Stored records
+ + + + +
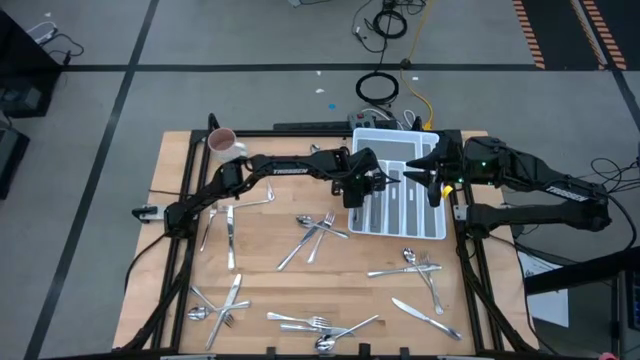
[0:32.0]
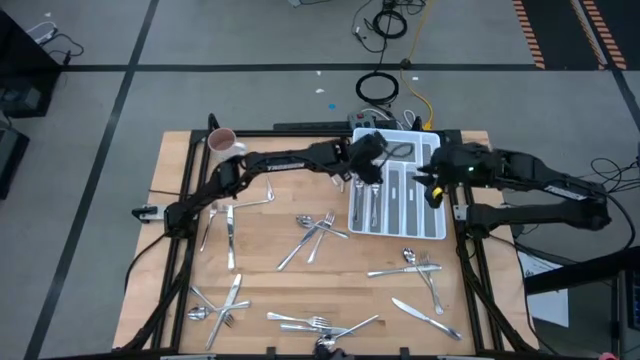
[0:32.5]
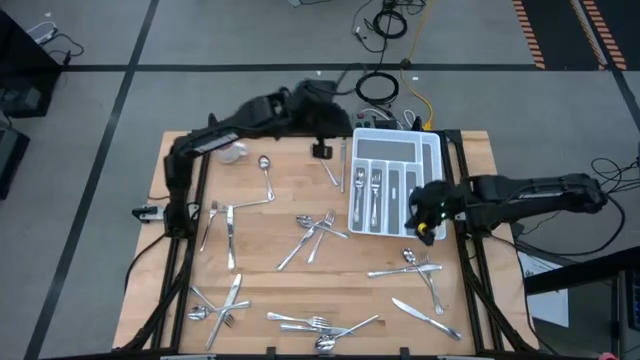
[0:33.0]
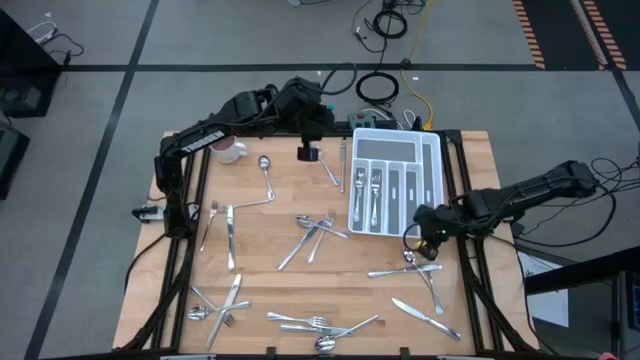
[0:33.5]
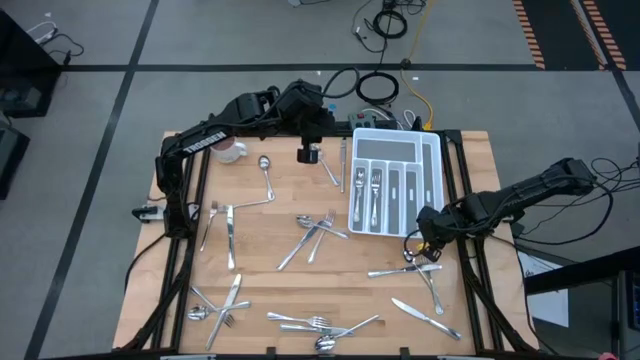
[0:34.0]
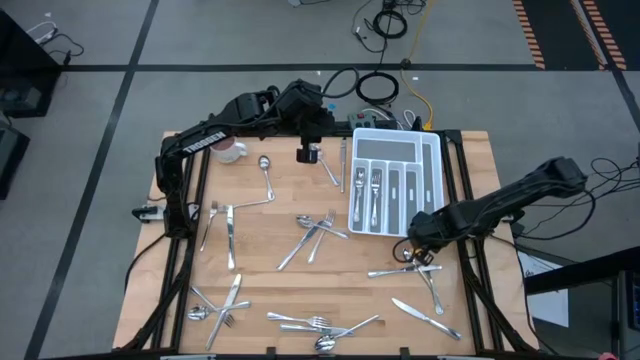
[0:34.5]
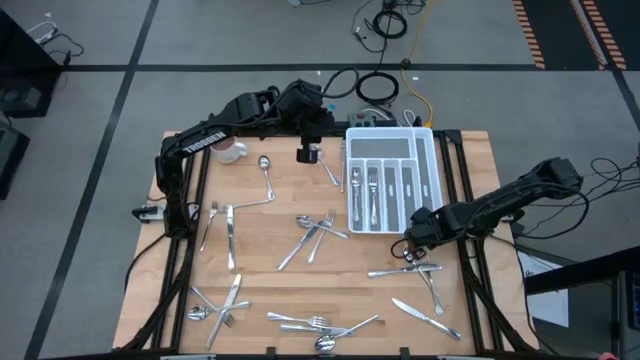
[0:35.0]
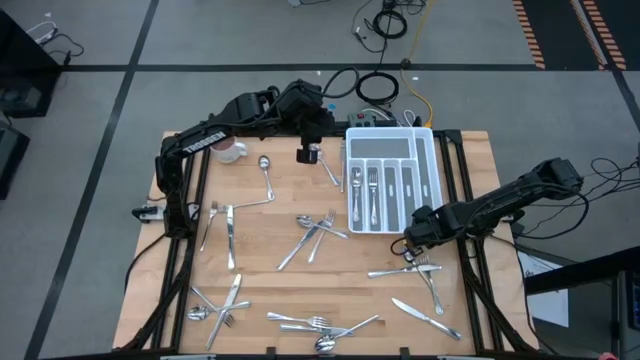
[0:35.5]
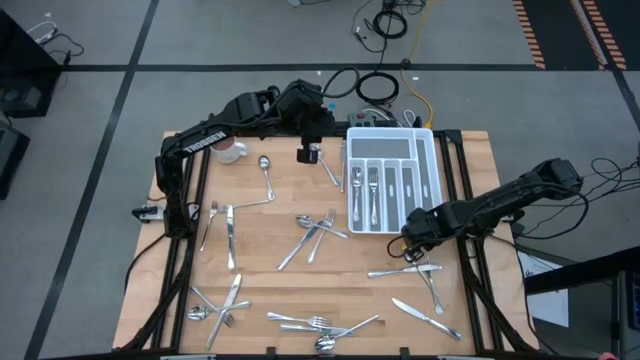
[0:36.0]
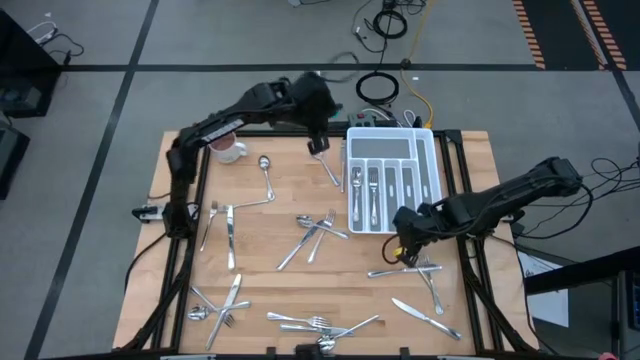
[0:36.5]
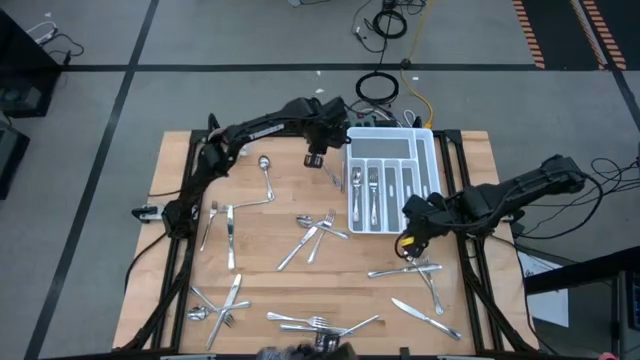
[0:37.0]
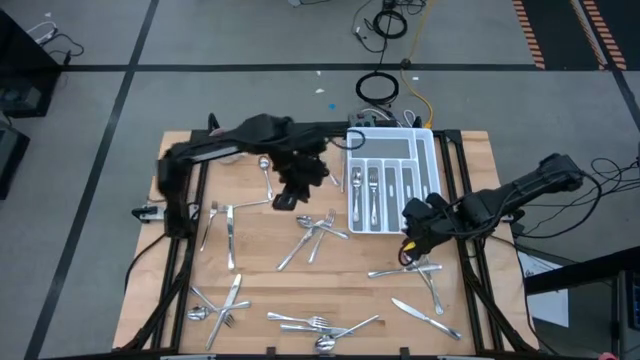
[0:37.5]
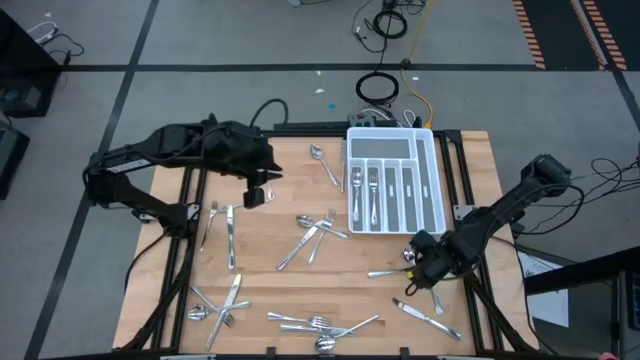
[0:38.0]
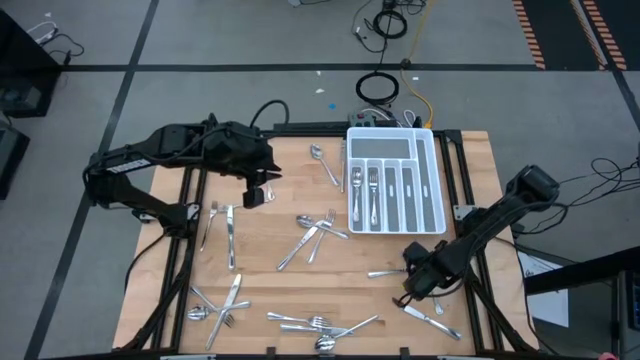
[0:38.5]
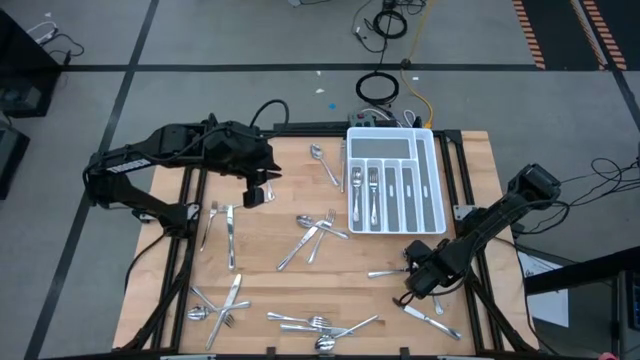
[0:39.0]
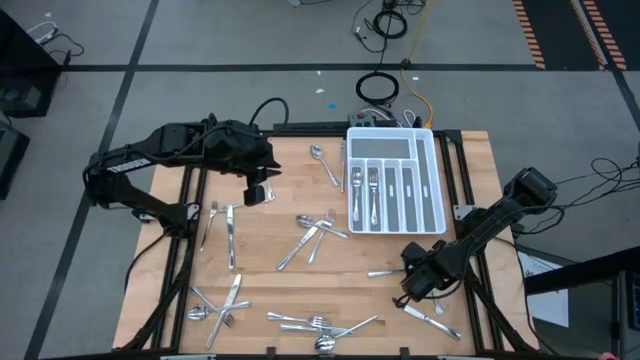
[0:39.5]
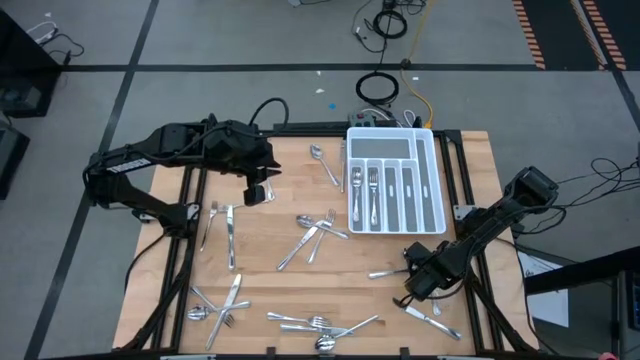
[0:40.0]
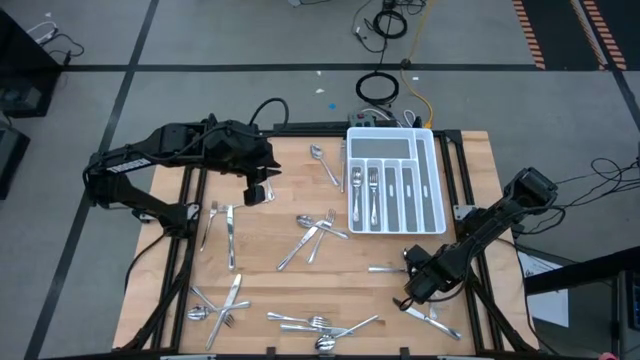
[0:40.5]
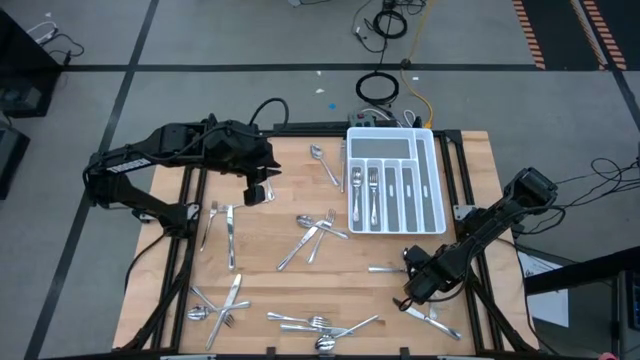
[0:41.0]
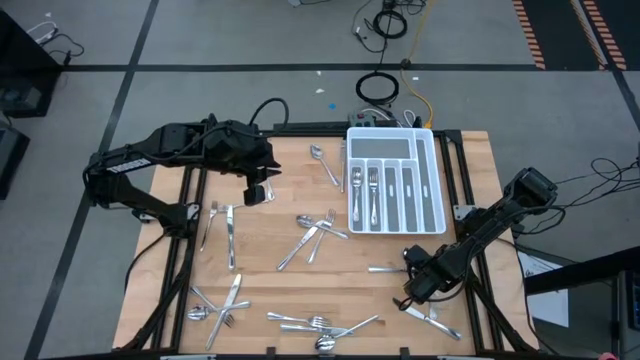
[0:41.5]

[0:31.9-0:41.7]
+ + + + +
◆ Task instructions ◆
All entries are to be retyped exactly. Omit any embedded images.

◆ Solution to this problem ◆
[0:32.0]
[0:32.5]
[0:33.0]
[0:33.5]
[0:34.0]
[0:34.5]
[0:35.0]
[0:35.5]
[0:36.0]
[0:36.5]
[0:37.0]
[0:37.5]
[0:38.0]
[0:38.5]
[0:39.0]
[0:39.5]
[0:40.0]
[0:40.5]
[0:41.0]
[0:41.5]

[0:31.9-0:41.7]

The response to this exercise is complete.